We performed LD analysis of the SNPs located within CERS3, CERS6, SGMS1, and SPTLC3 genes involved in sphingolipid biosynthesis in the HapMap CEU data. The LD analysis of the three SNPs located within SGMS1 revealed that moderate LD was observed between rs12358192 and rs11006229 (r2 = 0.292), whereas weak LD between rs11006229 and rs10826014 and between rs10826014 and rs12358192 (both r2 < 0.01) (Supplementary Table S1). Weak LD was also observed between rs72759132 and rs4246316 located within CERS3 and between rs6109681 and rs3906631 within SPTLC3 (both r2 < 0.20). There was no LD between the two SNPs (rs80165332 and rs75397325) located within CERS6. We also performed LD analysis of the SNPs in the HapMap CHB and JPT data. Interestingly, the LD analysis revealed that rs12358192 and rs11006229 located within SGMS1 were in high LD (r2 = 0.685) but weak LD was observed between rs11006229 and rs10826014 and between rs10826014 and rs12358192 (both r2 < 0.04) (Supplementary Table S2). Moderate LD was found between rs72759132 and rs4246316 located within CERS3 (r2 = 0.26) and between rs6109681 and rs3906631 within SPTLC3 (r2 = 0.49). Weak LD was also observed between rs80165332 and rs75397325 located within CERS6 (r2 < 0.01).

4. Discussion

In recent decades, attention to common chronic diseases, such as obesity, has steadily increased globally. Commonly, MetS is characterized by a collection of these chronic diseases, and, due to the complexity of multiple causes, the clinical features associated with MetS are very different. Furthermore, due to the comprehensive nature of MetS, the causes for specific phenotypes are very diverse. Genetic factors are known to account for the largest proportion of these causes; thus, identification of genetic factors can possibly assist in screening for potential risk factors or in the development of therapeutic materials.

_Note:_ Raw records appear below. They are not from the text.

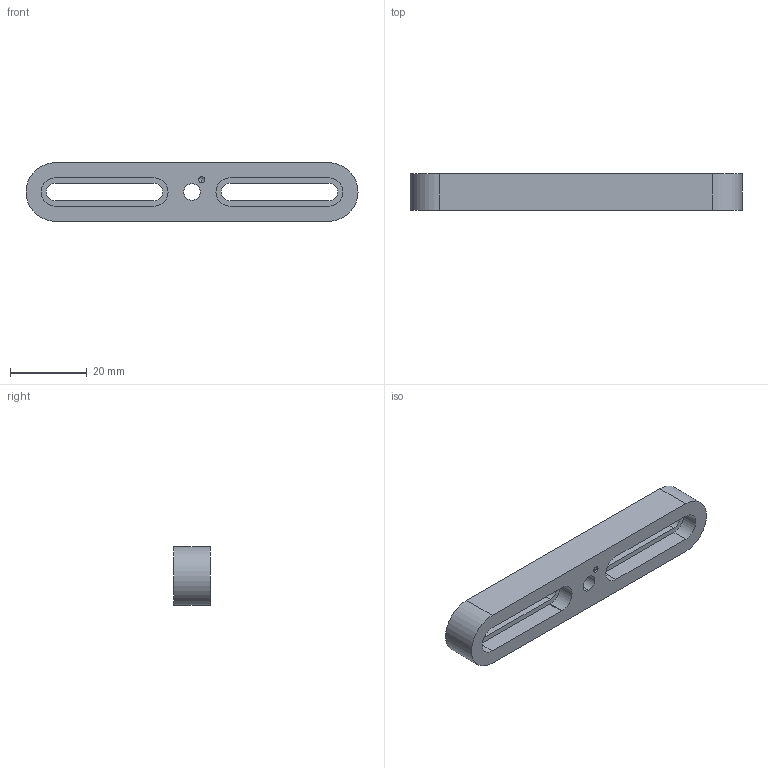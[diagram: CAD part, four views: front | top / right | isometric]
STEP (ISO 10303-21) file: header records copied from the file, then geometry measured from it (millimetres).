
FILE_DESCRIPTION((''),'2;1');
FILE_NAME('PJ30-A2','2023-03-23T17:29:06',('R&D'),(''),'CREO PARAMETRIC BY PTC INC, 2022162','CREO PARAMETRIC BY PTC INC, 2022162','');
FILE_SCHEMA(('CONFIG_CONTROL_DESIGN'));
Length unit declared in the file: millimetre
Products named in the file (1): PJ30-A2
Bounding box: 86.35 x 9.53 x 15.24 mm (x, y, z)
Volume: 8398.3 mm3; surface area: 5276.6 mm2
Topology: 1 solids, 1 shells, 35 faces, 88 edges, 57 vertices
Faces by surface type: cylinder 18, plane 15, cone 2
Entity records: 1098 total; most frequent: DIRECTION 192, CARTESIAN_POINT 178, ORIENTED_EDGE 172, EDGE_CURVE 86, AXIS2_PLACEMENT_3D 71, VERTEX_POINT 57, VECTOR 50, LINE 50
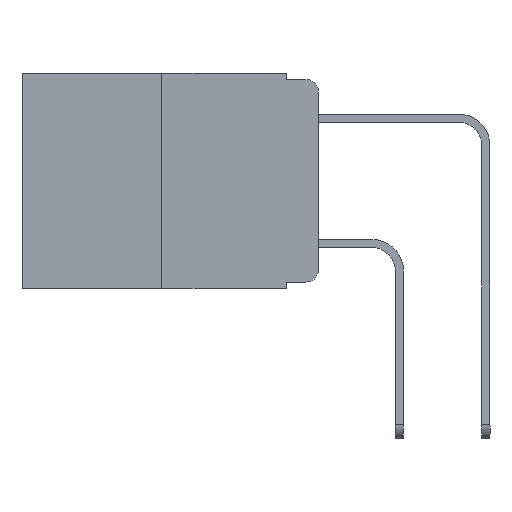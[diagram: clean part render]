
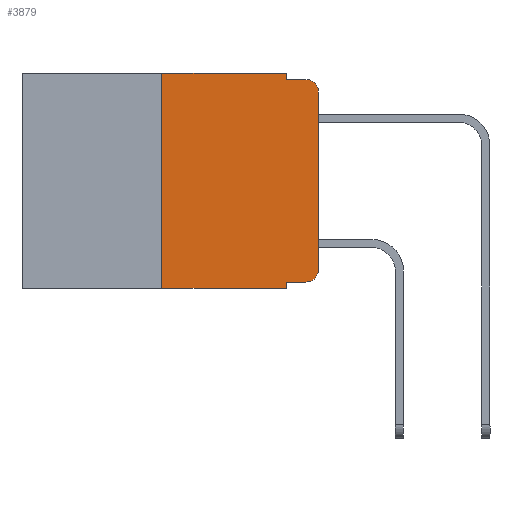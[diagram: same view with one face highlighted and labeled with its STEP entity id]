
A CAD part, left-side view. The second image highlights one B-rep face of the part: STEP entity #3879.
In plain terms, the highlighted planar face has unit normal (-1, 0, 0).
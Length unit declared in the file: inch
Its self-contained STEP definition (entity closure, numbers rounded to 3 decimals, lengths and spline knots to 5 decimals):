
#24 = VERTEX_POINT ( 'NONE', #12362 ) ;
#47 = ORIENTED_EDGE ( 'NONE', *, *, #24288, .T. ) ;
#63 = CARTESIAN_POINT ( 'NONE',  ( 0., 0.473, 0. ) ) ;
#885 = DIRECTION ( 'NONE',  ( 0., 0., -1. ) ) ;
#1177 = DIRECTION ( 'NONE',  ( 0., 0., -1. ) ) ;
#1421 = CARTESIAN_POINT ( 'NONE',  ( 0., 0., 0. ) ) ;
#1777 = CARTESIAN_POINT ( 'NONE',  ( 0., 0., -0.313 ) ) ;
#2433 = CARTESIAN_POINT ( 'NONE',  ( 0., 0.051, -0.01 ) ) ;
#3065 = VERTEX_POINT ( 'NONE', #6313 ) ;
#3407 = CARTESIAN_POINT ( 'NONE',  ( 0., 0.02, -0.01 ) ) ;
#3575 = CARTESIAN_POINT ( 'NONE',  ( 0., 0.051, -0.333 ) ) ;
#3730 = VERTEX_POINT ( 'NONE', #21341 ) ;
#3879 = ADVANCED_FACE ( 'NONE', ( #4716 ), #6725, .F. ) ;
#3929 = VERTEX_POINT ( 'NONE', #23586 ) ;
#4101 = LINE ( 'NONE', #9965, #16508 ) ;
#4312 = VECTOR ( 'NONE', #885, 39.37008 ) ;
#4418 = EDGE_CURVE ( 'NONE', #5831, #10412, #11290, .T. ) ;
#4716 = FACE_OUTER_BOUND ( 'NONE', #15177, .T. ) ;
#5367 = ORIENTED_EDGE ( 'NONE', *, *, #12501, .F. ) ;
#5681 = AXIS2_PLACEMENT_3D ( 'NONE', #19830, #17958, #10218 ) ;
#5831 = VERTEX_POINT ( 'NONE', #24528 ) ;
#6313 = CARTESIAN_POINT ( 'NONE',  ( 0., 0.051, -0.343 ) ) ;
#6383 = CARTESIAN_POINT ( 'NONE',  ( 0., 0.25, 0. ) ) ;
#6718 = AXIS2_PLACEMENT_3D ( 'NONE', #16782, #9288, #16538 ) ;
#6725 = PLANE ( 'NONE',  #5681 ) ;
#7059 = VECTOR ( 'NONE', #15179, 39.37008 ) ;
#7294 = ORIENTED_EDGE ( 'NONE', *, *, #4418, .T. ) ;
#7814 = LINE ( 'NONE', #63, #17883 ) ;
#7879 = CARTESIAN_POINT ( 'NONE',  ( 0., 0.051, -0.333 ) ) ;
#8204 = EDGE_CURVE ( 'NONE', #9253, #3730, #7814, .T. ) ;
#8703 = EDGE_CURVE ( 'NONE', #3929, #9253, #21271, .T. ) ;
#8755 = LINE ( 'NONE', #21869, #4312 ) ;
#8968 = VECTOR ( 'NONE', #16811, 39.37008 ) ;
#9038 = CARTESIAN_POINT ( 'NONE',  ( 0., 0.051, -0.01 ) ) ;
#9086 = VECTOR ( 'NONE', #11197, 39.37008 ) ;
#9203 = VERTEX_POINT ( 'NONE', #7879 ) ;
#9253 = VERTEX_POINT ( 'NONE', #6383 ) ;
#9288 = DIRECTION ( 'NONE',  ( -1., 0., 0. ) ) ;
#9403 = EDGE_CURVE ( 'NONE', #9203, #24, #16686, .T. ) ;
#9412 = DIRECTION ( 'NONE',  ( 0., -1., 0. ) ) ;
#9965 = CARTESIAN_POINT ( 'NONE',  ( 0., 0.051, 0. ) ) ;
#10218 = DIRECTION ( 'NONE',  ( 0., 0., -1. ) ) ;
#10412 = VERTEX_POINT ( 'NONE', #3407 ) ;
#10893 = AXIS2_PLACEMENT_3D ( 'NONE', #12444, #16300, #1177 ) ;
#10913 = LINE ( 'NONE', #9038, #11109 ) ;
#11109 = VECTOR ( 'NONE', #9412, 39.37008 ) ;
#11197 = DIRECTION ( 'NONE',  ( 0., -1., 0. ) ) ;
#11231 = ORIENTED_EDGE ( 'NONE', *, *, #18569, .F. ) ;
#11246 = ORIENTED_EDGE ( 'NONE', *, *, #8204, .F. ) ;
#11290 = CIRCLE ( 'NONE', #10893, 0.02 ) ;
#11571 = VERTEX_POINT ( 'NONE', #1777 ) ;
#11636 = ORIENTED_EDGE ( 'NONE', *, *, #9403, .T. ) ;
#11782 = CARTESIAN_POINT ( 'NONE',  ( 0., 0.25, 0. ) ) ;
#12362 = CARTESIAN_POINT ( 'NONE',  ( 0., 0.02, -0.333 ) ) ;
#12424 = ORIENTED_EDGE ( 'NONE', *, *, #24326, .F. ) ;
#12444 = CARTESIAN_POINT ( 'NONE',  ( 0., 0.02, -0.03 ) ) ;
#12501 = EDGE_CURVE ( 'NONE', #9203, #3065, #4101, .T. ) ;
#13306 = ORIENTED_EDGE ( 'NONE', *, *, #17231, .T. ) ;
#13888 = VECTOR ( 'NONE', #22885, 39.37008 ) ;
#15177 = EDGE_LOOP ( 'NONE', ( #13306, #7294, #12424, #11231, #11246, #17933, #20889, #5367, #11636, #47 ) ) ;
#15179 = DIRECTION ( 'NONE',  ( 0., 0., 1. ) ) ;
#16300 = DIRECTION ( 'NONE',  ( -1., 0., 0. ) ) ;
#16508 = VECTOR ( 'NONE', #17330, 39.37008 ) ;
#16538 = DIRECTION ( 'NONE',  ( 0., 0., -1. ) ) ;
#16686 = LINE ( 'NONE', #3575, #8968 ) ;
#16782 = CARTESIAN_POINT ( 'NONE',  ( 0., 0.02, -0.313 ) ) ;
#16811 = DIRECTION ( 'NONE',  ( 0., -1., 0. ) ) ;
#17231 = EDGE_CURVE ( 'NONE', #11571, #5831, #18543, .T. ) ;
#17330 = DIRECTION ( 'NONE',  ( 0., 0., -1. ) ) ;
#17883 = VECTOR ( 'NONE', #22797, 39.37008 ) ;
#17933 = ORIENTED_EDGE ( 'NONE', *, *, #8703, .F. ) ;
#17958 = DIRECTION ( 'NONE',  ( 1., 0., 0. ) ) ;
#18411 = EDGE_CURVE ( 'NONE', #3929, #3065, #20564, .T. ) ;
#18543 = LINE ( 'NONE', #1421, #7059 ) ;
#18569 = EDGE_CURVE ( 'NONE', #3730, #22489, #8755, .T. ) ;
#18689 = CARTESIAN_POINT ( 'NONE',  ( 0., 0.473, -0.343 ) ) ;
#19480 = CIRCLE ( 'NONE', #6718, 0.02 ) ;
#19830 = CARTESIAN_POINT ( 'NONE',  ( 0., 0.473, 0. ) ) ;
#20564 = LINE ( 'NONE', #18689, #9086 ) ;
#20889 = ORIENTED_EDGE ( 'NONE', *, *, #18411, .T. ) ;
#21271 = LINE ( 'NONE', #11782, #13888 ) ;
#21341 = CARTESIAN_POINT ( 'NONE',  ( 0., 0.051, 0. ) ) ;
#21869 = CARTESIAN_POINT ( 'NONE',  ( 0., 0.051, 0. ) ) ;
#22489 = VERTEX_POINT ( 'NONE', #2433 ) ;
#22797 = DIRECTION ( 'NONE',  ( 0., -1., 0. ) ) ;
#22885 = DIRECTION ( 'NONE',  ( 0., 0., 1. ) ) ;
#23586 = CARTESIAN_POINT ( 'NONE',  ( 0., 0.25, -0.343 ) ) ;
#24288 = EDGE_CURVE ( 'NONE', #24, #11571, #19480, .T. ) ;
#24326 = EDGE_CURVE ( 'NONE', #22489, #10412, #10913, .T. ) ;
#24528 = CARTESIAN_POINT ( 'NONE',  ( 0., 0., -0.03 ) ) ;

From this perspective, we designed a study to identify genetic factors that can increase blood ceramide levels in Korean subjects with MetS. All clinical indicators except for total cholesterol showed statistically significant differences between MetS group and healthy control (p < 5.0 × 102), suggesting that the subjects with MetS who participated in this study have distinct metabolic disorders compared to the controls. The current study evaluated plasma ceramide concentrations as well as SNP genotypes in both subjects with MetS and healthy controls. As with previous studies [27,28], we found ceramide accumulation in the MetS group compared to the control group. Especially, the plasma levels of six ceramide species (Cer-16, Cer-18, Cer-20, DhCer-18, DhCer-24, and DhCer-24:1) reached statistical significance. However, DhCer-16 did not meet the statistical significance criteria, suggesting that the blood dihydroceramide species of participants in this study may not be a risk factor associated with the development of MetS. A recent study has reported that the signals corresponding to 1-deoxyceramides (DxCer) as a non-canonical class of ceramide can be overlapped with those from dihydroceramides in LC-MS/MS spectral analysis [29]. However, we only considered dihydroceramides in this study because enzymes involved in the synthesis of dihydroceramide and ceramide from palmitoyl-CoA and serine as precursors are the same as those involved in the synthesis of DxCer from pamitoyl-CoA and alanine.
Along with these results, our study using the SNP genotyping method has discovered several SNPs for elevated plasma ceramides and dihydroceramides. Previous studies have reported that sphingolipid metabolism is involved in the pathogenesis of many human diseases [30]. The increase in the concentration of sphingolipids, such as ceramide, in the blood is a representative phenotype of MetS. Moreover, increased concentration of ceramide in the blood is known to be a risk factor for the pathogenesis of cancer [31], cardiovascular diseases [10], and age-related disorders such as Alzheimer’s disease and mild cognitive impairment [32,33], which could cause secondary disease due to MetS.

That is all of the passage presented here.